Oldendorff Centenary Book - Flipbook - Page 177
THE MANY
VICTIMS OF WAR
How wartime losses were replaced by
‘prizes’ acquired from other countries.
Luck was not on the side of ss HENNING OLDENDORFF. She had left Huelva
bound for Germany on 2 November 1939 with a cargo of 5,574 tonnes of
pyrites. When she attempted to break through between the Faroe Islands
and Iceland she was intercepted by the British cruiser, HMS COLOMBO, in
position 63.00N 10.12W and ordered to proceed to Kirkwall. She arrived there
on 20 November 1939 and a few months later served as the EMPIRE INDUSTRY
under the auspices of the British Ministry of Shipping. The steamer’s career
terminated on 16 March 1941 when, on a ballast voyage from Hartlepool to
Galveston, she was sunk off New Foundland by gunfire from the German
battle cruiser GNEISENAU.
HENNING OLDENDORFF (1) was not to be the only war casualty of the EO fleet.
The ERNA OLDENDORFF sank on 9 September 1941 after a collision with prize
tanker BENNO, managed by Atlantic Rhederei F.&W. Joch of Hamburg. KLAUS
OLDENDORFF whilst on a voyage from Reval to Helsinki, struck a mine laid
by a Russian submarine in the Gulf of Finland.

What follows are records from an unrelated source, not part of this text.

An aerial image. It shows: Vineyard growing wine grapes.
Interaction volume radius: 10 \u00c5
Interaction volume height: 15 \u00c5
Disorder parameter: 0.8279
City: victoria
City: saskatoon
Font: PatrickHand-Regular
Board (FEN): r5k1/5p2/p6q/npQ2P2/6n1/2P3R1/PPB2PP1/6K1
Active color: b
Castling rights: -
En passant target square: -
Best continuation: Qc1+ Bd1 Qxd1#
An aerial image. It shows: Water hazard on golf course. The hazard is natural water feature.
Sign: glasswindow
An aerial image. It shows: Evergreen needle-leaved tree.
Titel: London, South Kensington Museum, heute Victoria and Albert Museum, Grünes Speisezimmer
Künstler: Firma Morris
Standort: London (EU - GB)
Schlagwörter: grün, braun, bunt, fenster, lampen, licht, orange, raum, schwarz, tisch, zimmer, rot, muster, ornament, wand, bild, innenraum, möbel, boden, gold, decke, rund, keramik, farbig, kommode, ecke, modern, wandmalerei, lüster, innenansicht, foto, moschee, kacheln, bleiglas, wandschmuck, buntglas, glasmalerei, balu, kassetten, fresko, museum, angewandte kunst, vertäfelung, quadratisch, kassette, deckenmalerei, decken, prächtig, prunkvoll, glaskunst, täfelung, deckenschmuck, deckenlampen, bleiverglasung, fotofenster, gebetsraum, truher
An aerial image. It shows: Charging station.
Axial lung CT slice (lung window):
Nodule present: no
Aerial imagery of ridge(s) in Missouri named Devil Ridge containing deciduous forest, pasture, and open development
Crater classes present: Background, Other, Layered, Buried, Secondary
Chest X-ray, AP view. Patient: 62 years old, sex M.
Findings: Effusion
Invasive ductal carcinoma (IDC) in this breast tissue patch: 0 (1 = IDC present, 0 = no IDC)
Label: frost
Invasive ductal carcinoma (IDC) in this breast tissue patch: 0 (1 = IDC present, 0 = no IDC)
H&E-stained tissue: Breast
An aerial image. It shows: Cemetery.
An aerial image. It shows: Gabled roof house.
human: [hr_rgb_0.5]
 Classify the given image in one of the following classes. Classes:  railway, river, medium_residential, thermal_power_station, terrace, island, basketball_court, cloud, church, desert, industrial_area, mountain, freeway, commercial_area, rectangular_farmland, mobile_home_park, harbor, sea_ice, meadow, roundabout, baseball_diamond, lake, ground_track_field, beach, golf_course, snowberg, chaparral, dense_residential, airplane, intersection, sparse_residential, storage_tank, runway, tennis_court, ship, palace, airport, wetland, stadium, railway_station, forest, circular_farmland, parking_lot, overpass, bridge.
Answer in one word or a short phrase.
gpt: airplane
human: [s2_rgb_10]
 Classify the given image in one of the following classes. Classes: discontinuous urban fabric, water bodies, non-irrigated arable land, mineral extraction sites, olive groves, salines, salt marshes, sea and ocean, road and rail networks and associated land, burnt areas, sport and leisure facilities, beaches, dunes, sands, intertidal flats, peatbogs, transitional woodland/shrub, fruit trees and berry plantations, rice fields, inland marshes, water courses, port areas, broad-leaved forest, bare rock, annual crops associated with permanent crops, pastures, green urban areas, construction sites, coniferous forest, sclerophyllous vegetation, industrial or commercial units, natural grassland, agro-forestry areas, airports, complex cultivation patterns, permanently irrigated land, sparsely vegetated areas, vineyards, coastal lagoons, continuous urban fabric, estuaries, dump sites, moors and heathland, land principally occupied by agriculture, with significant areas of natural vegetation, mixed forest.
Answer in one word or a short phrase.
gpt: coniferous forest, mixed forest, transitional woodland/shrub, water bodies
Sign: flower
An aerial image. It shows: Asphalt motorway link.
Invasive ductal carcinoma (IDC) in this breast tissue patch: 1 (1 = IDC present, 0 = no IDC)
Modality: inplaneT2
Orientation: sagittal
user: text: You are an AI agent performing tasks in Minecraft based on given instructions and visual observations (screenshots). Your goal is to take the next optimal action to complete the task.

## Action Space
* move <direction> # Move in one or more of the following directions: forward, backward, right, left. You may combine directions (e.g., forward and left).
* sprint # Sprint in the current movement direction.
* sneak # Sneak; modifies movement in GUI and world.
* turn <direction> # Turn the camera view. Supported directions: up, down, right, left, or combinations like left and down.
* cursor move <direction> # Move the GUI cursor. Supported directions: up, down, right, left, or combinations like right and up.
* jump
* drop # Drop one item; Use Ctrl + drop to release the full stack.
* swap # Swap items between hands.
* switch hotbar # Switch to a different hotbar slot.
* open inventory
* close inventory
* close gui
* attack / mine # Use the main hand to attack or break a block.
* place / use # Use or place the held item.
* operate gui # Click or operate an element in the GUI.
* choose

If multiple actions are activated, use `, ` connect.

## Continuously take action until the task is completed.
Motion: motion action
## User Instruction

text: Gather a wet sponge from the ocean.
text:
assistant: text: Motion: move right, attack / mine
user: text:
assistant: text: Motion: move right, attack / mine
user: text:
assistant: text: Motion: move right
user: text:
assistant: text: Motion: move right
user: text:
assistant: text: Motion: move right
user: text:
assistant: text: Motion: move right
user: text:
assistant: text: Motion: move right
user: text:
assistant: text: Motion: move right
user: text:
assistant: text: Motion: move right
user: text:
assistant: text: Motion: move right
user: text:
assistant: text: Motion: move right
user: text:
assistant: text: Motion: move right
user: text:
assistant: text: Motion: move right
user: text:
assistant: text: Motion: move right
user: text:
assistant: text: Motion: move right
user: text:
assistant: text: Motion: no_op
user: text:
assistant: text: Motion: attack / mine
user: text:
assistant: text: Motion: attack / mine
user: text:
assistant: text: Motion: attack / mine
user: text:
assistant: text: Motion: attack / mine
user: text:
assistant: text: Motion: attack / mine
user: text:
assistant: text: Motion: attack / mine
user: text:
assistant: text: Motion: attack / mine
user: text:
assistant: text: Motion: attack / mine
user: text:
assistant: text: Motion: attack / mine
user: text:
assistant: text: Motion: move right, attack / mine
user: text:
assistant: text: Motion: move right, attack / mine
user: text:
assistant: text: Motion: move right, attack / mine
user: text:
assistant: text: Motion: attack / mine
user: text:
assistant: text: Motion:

Her total complement was lost.
Other Oldendorff ships were affected by the war, but luckily without any more
losses of lives. The ss LUDOLF OLDENDORFF which had busted the blockade
sank on 9 October 1944 in a British bomb raid. Prizes partly compensated the
company for war losses. The Concise Oxford Dictionary defines a prize as
a “ship, property, captured at sea in virtue of rights of war”. The Oxford
Companion to Ships and the Sea explains that “... in its strict and original legal
definition, prize in Britain is entirely a right of the Crown, and no man may
share in prize except through the gift of the Crown.” The German government
allocated to Egon Oldendorff on 17 June 1941 the former Swedish ss AXEL
(2,300 tdw) and also in 1941, the ex-Latvian ss WALTER (3,444 tdw), followed
on 31 January 1942 by the ss FISCHHAUSEN (1,900 tdw) of Estonian origin and
on 8 February 1942 by the ss SIGNAL (4,700 tdw) built 1923 in Caen, France.